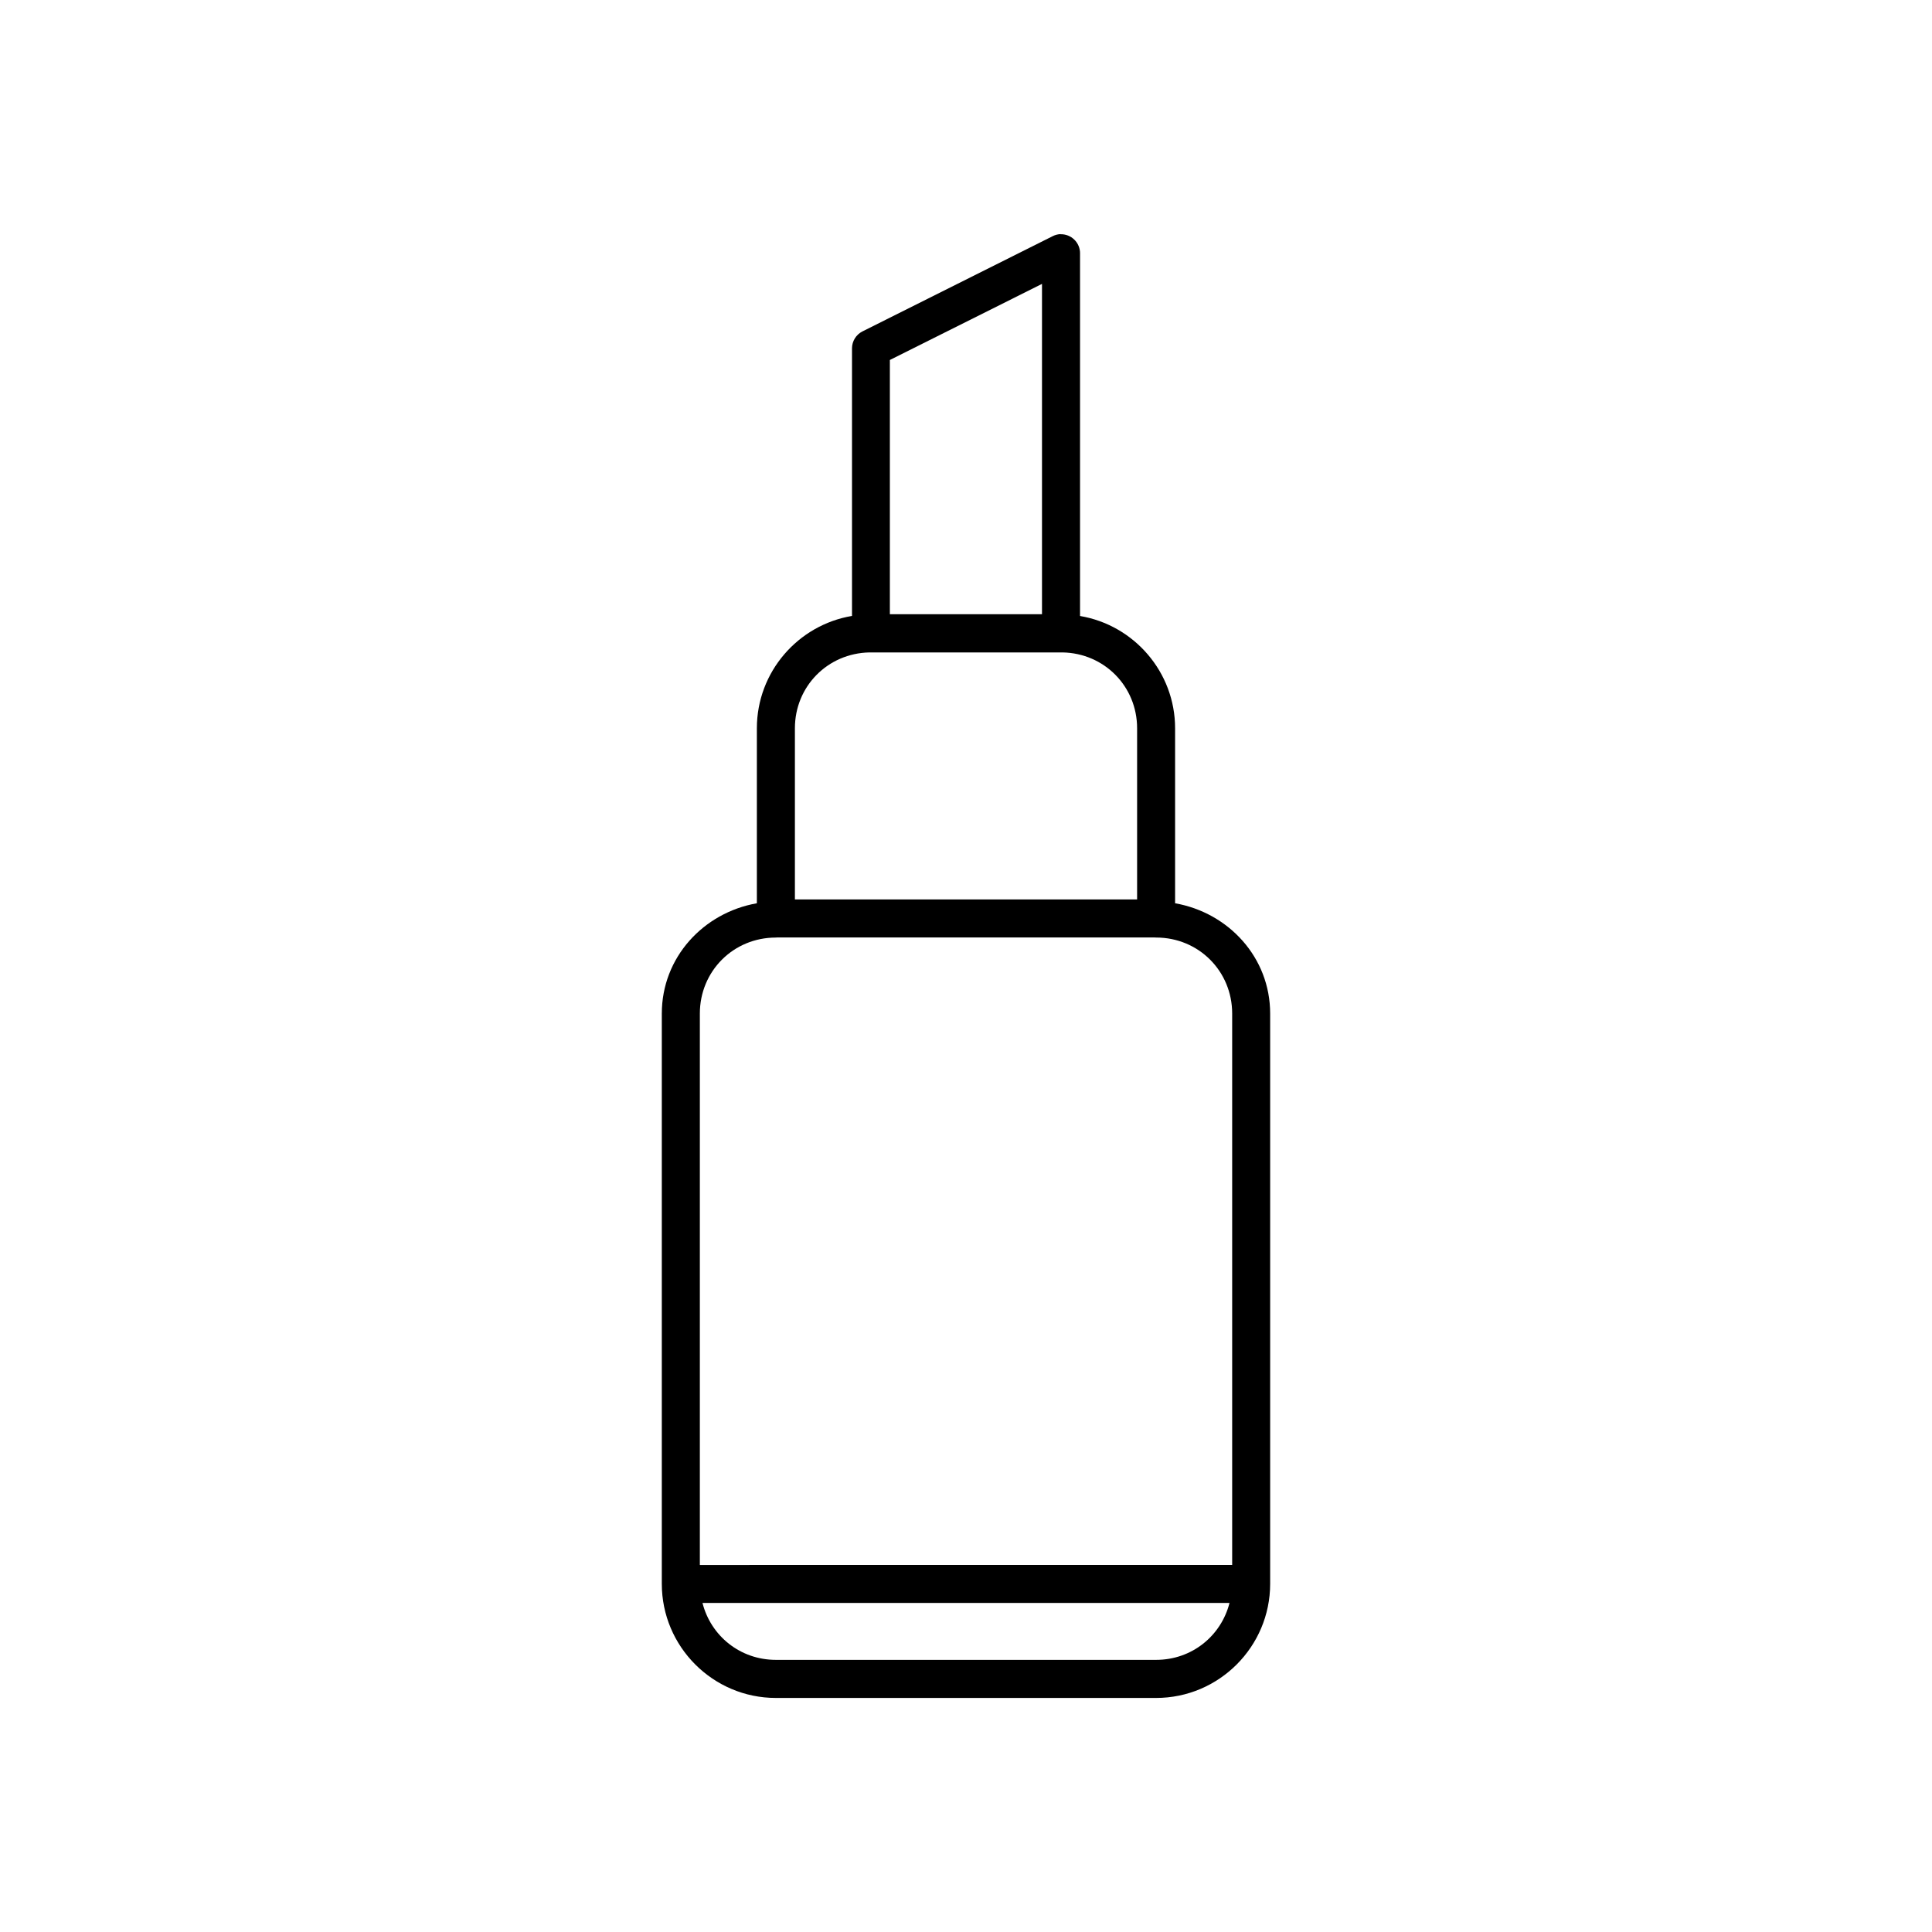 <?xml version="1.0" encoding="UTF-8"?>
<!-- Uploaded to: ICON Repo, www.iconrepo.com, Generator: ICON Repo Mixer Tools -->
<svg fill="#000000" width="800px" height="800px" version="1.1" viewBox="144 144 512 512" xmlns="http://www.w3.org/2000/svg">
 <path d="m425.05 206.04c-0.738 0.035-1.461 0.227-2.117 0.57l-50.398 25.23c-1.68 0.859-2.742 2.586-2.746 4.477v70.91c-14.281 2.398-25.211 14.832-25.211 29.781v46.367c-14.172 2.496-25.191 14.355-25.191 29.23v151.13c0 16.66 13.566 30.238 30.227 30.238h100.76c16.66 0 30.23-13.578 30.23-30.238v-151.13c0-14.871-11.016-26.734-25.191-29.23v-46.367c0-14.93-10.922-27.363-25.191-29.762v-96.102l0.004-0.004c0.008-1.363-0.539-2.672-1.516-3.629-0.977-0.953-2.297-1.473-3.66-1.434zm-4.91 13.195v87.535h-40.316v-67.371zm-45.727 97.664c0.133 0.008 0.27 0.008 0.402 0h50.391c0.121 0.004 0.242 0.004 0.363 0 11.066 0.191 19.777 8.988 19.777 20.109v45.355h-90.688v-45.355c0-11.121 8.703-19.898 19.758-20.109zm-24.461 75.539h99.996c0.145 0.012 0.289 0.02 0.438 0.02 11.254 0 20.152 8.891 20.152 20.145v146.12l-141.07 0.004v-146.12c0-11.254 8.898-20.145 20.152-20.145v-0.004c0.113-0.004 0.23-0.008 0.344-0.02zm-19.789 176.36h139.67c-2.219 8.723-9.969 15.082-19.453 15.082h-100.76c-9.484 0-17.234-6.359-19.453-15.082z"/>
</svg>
------------------------------------------------------------------------
Set down every record word for word and leave out the pictures.

Answer box:
 <?xml version="1.0" encoding="UTF-8"?>
<!-- Uploaded to: ICON Repo, www.iconrepo.com, Generator: ICON Repo Mixer Tools -->
<svg fill="#000000" width="800px" height="800px" version="1.1" viewBox="144 144 512 512" xmlns="http://www.w3.org/2000/svg">
 <path d="m425.05 206.04c-0.738 0.035-1.461 0.227-2.117 0.57l-50.398 25.23c-1.68 0.859-2.742 2.586-2.746 4.477v70.91c-14.281 2.398-25.211 14.832-25.211 29.781v46.367c-14.172 2.496-25.191 14.355-25.191 29.23v151.13c0 16.66 13.566 30.238 30.227 30.238h100.76c16.66 0 30.23-13.578 30.23-30.238v-151.13c0-14.871-11.016-26.734-25.191-29.23v-46.367c0-14.93-10.922-27.363-25.191-29.762v-96.102l0.004-0.004c0.008-1.363-0.539-2.672-1.516-3.629-0.977-0.953-2.297-1.473-3.66-1.434zm-4.91 13.195v87.535h-40.316v-67.371zm-45.727 97.664c0.133 0.008 0.27 0.008 0.402 0h50.391c0.121 0.004 0.242 0.004 0.363 0 11.066 0.191 19.777 8.988 19.777 20.109v45.355h-90.688v-45.355c0-11.121 8.703-19.898 19.758-20.109zm-24.461 75.539h99.996c0.145 0.012 0.289 0.02 0.438 0.02 11.254 0 20.152 8.891 20.152 20.145v146.12l-141.07 0.004v-146.12c0-11.254 8.898-20.145 20.152-20.145v-0.004c0.113-0.004 0.23-0.008 0.344-0.02zm-19.789 176.36h139.67c-2.219 8.723-9.969 15.082-19.453 15.082h-100.76c-9.484 0-17.234-6.359-19.453-15.082z"/>
</svg>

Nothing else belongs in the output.